* _TASK TO CARRY OUT_:
Scan the lines below and report each one containing "underlined" by copying it.

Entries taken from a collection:
►

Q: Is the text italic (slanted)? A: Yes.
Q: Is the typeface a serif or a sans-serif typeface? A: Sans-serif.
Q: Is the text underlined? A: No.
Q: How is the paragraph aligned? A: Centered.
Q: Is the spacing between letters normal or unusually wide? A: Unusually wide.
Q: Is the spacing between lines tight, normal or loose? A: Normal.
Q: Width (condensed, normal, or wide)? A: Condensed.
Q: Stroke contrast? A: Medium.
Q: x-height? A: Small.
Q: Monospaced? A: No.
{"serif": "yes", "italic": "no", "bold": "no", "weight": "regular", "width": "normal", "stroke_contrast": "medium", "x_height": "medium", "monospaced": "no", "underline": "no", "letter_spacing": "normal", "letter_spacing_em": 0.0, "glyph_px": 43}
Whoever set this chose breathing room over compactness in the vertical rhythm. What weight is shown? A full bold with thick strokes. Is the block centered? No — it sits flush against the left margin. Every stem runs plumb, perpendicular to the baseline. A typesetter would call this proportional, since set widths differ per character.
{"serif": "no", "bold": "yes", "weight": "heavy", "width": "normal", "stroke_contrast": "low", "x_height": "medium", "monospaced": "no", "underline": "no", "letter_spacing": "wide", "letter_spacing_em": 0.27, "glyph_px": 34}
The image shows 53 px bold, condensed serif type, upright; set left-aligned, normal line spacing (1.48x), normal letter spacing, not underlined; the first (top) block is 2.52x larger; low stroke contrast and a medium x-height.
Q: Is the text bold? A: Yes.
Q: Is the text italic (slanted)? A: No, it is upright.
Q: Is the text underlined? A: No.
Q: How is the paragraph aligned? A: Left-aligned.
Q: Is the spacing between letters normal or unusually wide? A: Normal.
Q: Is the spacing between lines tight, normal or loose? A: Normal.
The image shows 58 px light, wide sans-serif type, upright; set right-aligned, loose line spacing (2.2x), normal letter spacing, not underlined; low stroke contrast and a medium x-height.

◄

* _FINAL ANSWER_:
Q: Is the text underlined? A: No.
The image shows 53 px bold, condensed serif type, upright; set left-aligned, normal line spacing (1.48x), normal letter spacing, not underlined; the first (top) block is 2.52x larger; low stroke contrast and a medium x-height.
Q: Is the text underlined? A: No.
The image shows 58 px light, wide sans-serif type, upright; set right-aligned, loose line spacing (2.2x), normal letter spacing, not underlined; low stroke contrast and a medium x-height.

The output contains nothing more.